Glenn should be checking this into SVN in the next week or so – then Foothill and Stanford can begin to look it over and begin QA. For now this is best though of as a “patch” – and after the first of the year we will reorient things to deliver a solid 2.4 release in March. Using the funds gathered by the volunteers I hope to get performance testing done and some extra QA resources.
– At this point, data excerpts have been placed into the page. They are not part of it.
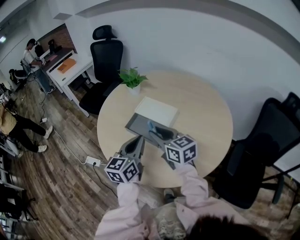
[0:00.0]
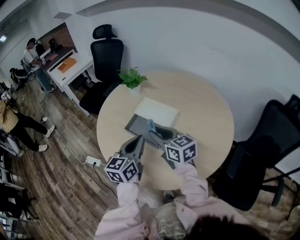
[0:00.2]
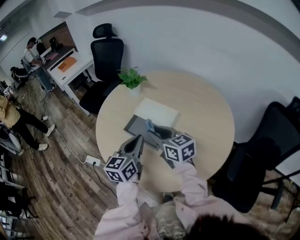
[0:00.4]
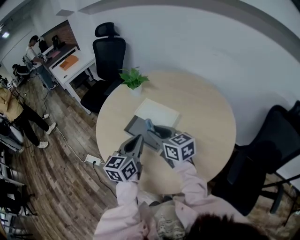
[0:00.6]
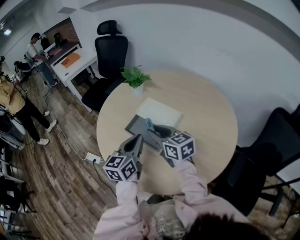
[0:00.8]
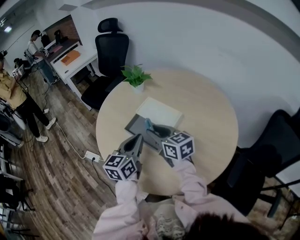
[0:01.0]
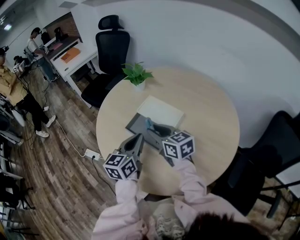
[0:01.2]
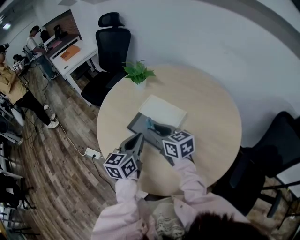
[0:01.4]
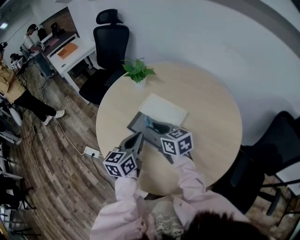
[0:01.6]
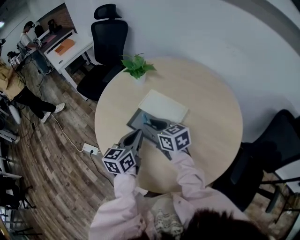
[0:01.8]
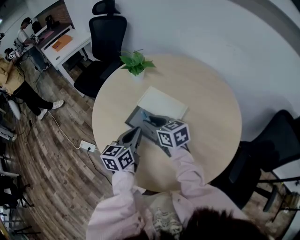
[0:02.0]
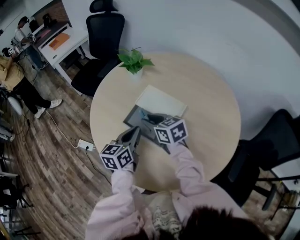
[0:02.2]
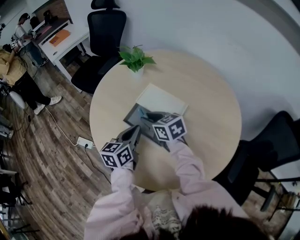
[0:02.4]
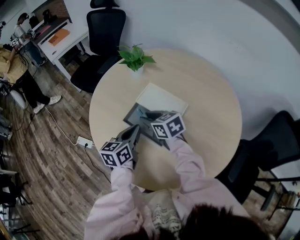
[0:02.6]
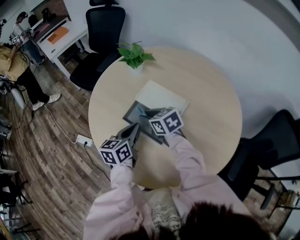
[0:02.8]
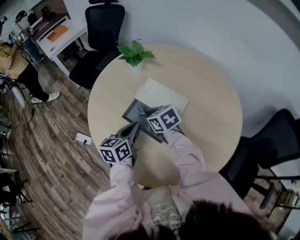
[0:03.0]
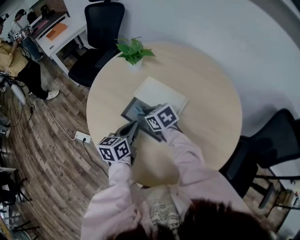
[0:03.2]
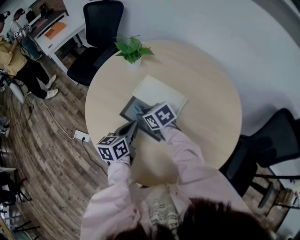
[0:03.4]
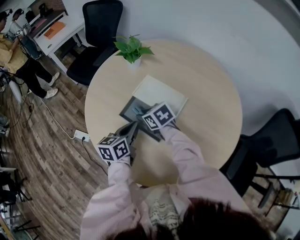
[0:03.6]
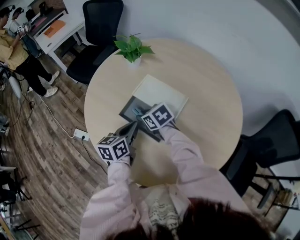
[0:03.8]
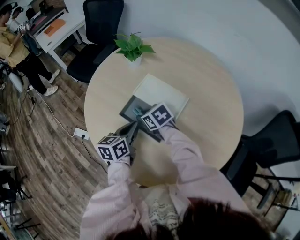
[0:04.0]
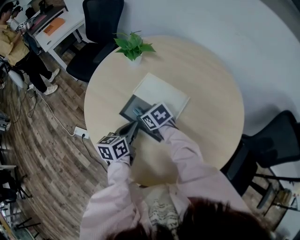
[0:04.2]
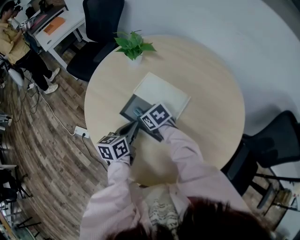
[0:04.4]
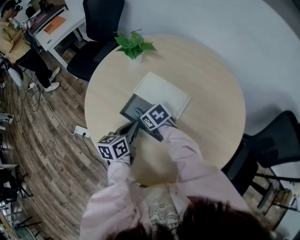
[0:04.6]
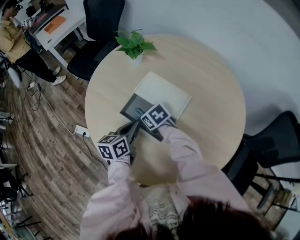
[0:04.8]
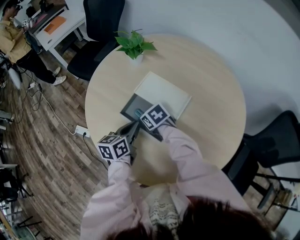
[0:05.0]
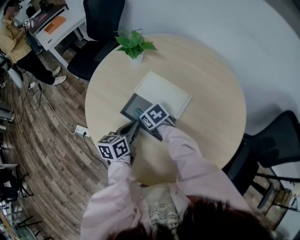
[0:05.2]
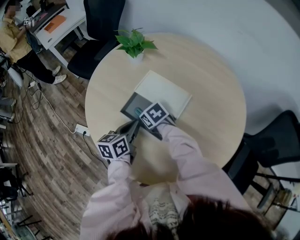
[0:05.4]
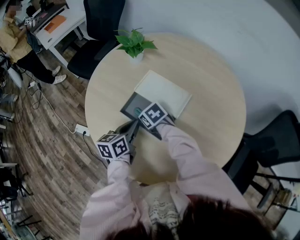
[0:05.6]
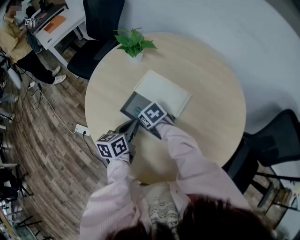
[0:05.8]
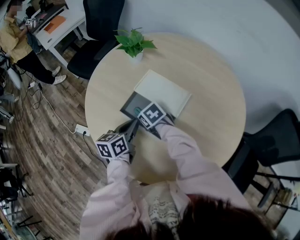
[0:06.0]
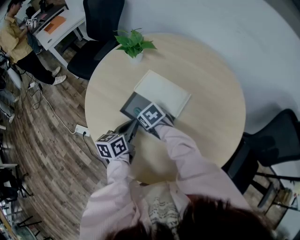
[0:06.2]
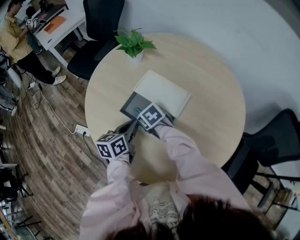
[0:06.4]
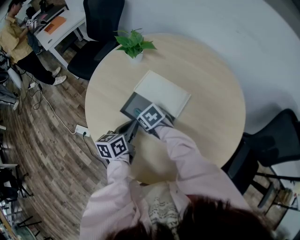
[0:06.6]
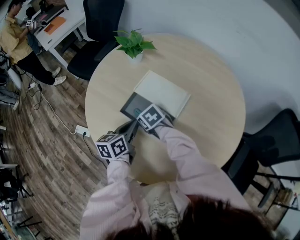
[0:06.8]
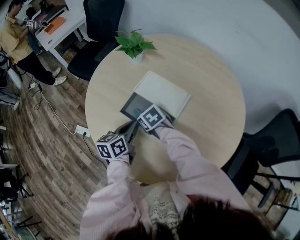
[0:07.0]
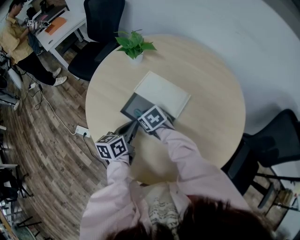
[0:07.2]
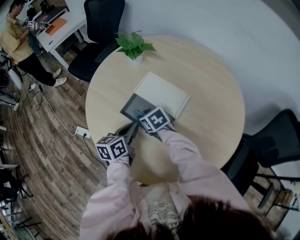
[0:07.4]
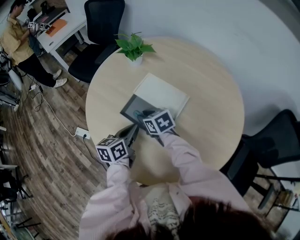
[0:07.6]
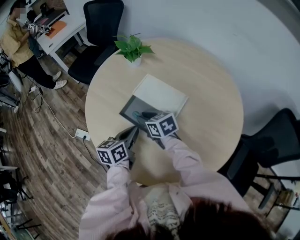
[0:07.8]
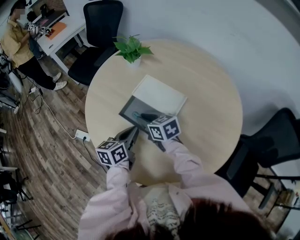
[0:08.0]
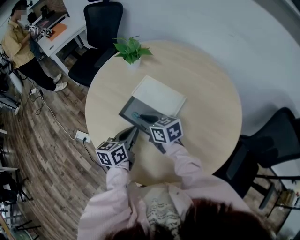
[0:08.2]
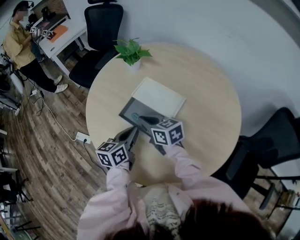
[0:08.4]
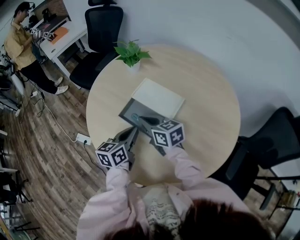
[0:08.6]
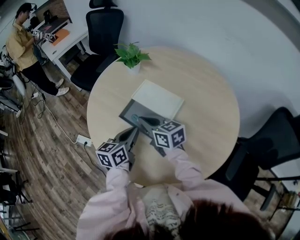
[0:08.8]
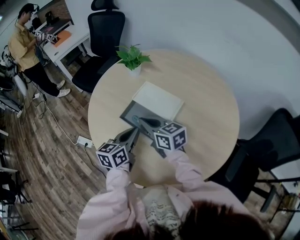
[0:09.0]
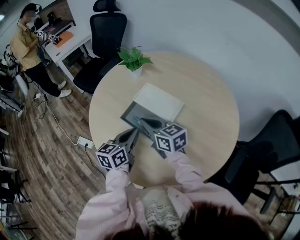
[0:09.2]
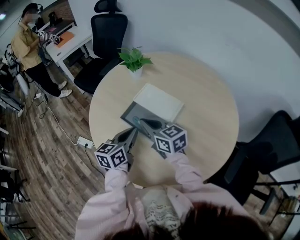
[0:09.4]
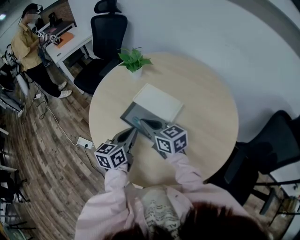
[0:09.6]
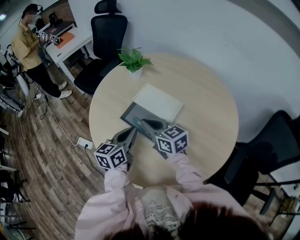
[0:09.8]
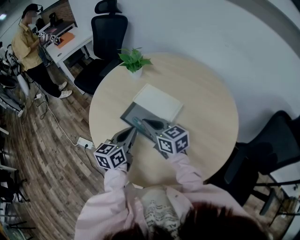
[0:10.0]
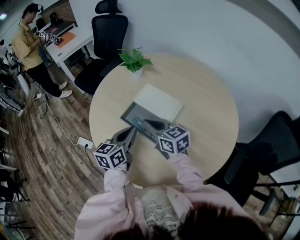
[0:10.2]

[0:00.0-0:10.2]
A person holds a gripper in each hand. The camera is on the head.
0:00.0 to 0:01.4: Both grippers travel together forward, approximately 10 cm.
0:01.4 to 0:03.0: The right gripper is displaced downward and forward by about 10 cm, and rotates roughly 20 degrees, while the left gripper heads downward, covering approximately 10 cm.
0:03.0 to 0:04.4: The right gripper is displaced downward by some 5 cm.
0:04.4 to 0:07.2: The grippers move only a little.
0:07.2 to 0:08.8: The right gripper goes about 15 cm upward, angles its fingers upward, by some 40 degrees, and closes its fingers; the left gripper moves approximately 5 cm.
0:08.8 to 0:10.2: The grippers stay close to where they were, moving slightly.

Peter Knoop will project lead the effort.
It is important to emphasize that this is all being done in concert with Stanford and Stanford will continue to be the lead in functionality – there will be no change in functionality from the speedup effort.
In terms of OSP – a 2.4 kickoff meeting was held to help set priorities to meet the most pressing needs of OSP – new resources were identified and we should look forward to important improvements in OSP’s configuration and use for the 2.4 release.
Both of these efforts really highlight an increased emphasis on investing effort on those aspects of Sakai which are visible to the users. Brad uses the term “user delight” to describe this focus.
At Atlanta – I will be giving a talk about the Sakai Foundation where I will cover the organizational structure and finances of the Sakai Foundation. Getting a solid understanding of the Foundation finances is important for us to go forward and make decisions. I look forward to the presentation and the Partner-only retreat as well. the Foundation is a year old and it is a good time to take a check of where we are ant and where we want to go. For those of you who cannot come to Atlanta – I will put up the slides and MP3 record the talk as well and put that up too.
Peter’s Friday/Saturday meeting in Atlanta is an important new pattern – an attempt to actually manage our efforts collectively. This is the new “integration week” where we brainstorm tactical priorities for 2.4 – what we should attack before the code freeze in March. This meeting is an experiement – in the future – I expect these meetings may be 3-4 days long. How we organize these meetings will depend in how well things get done at Atlanta.
TTFN.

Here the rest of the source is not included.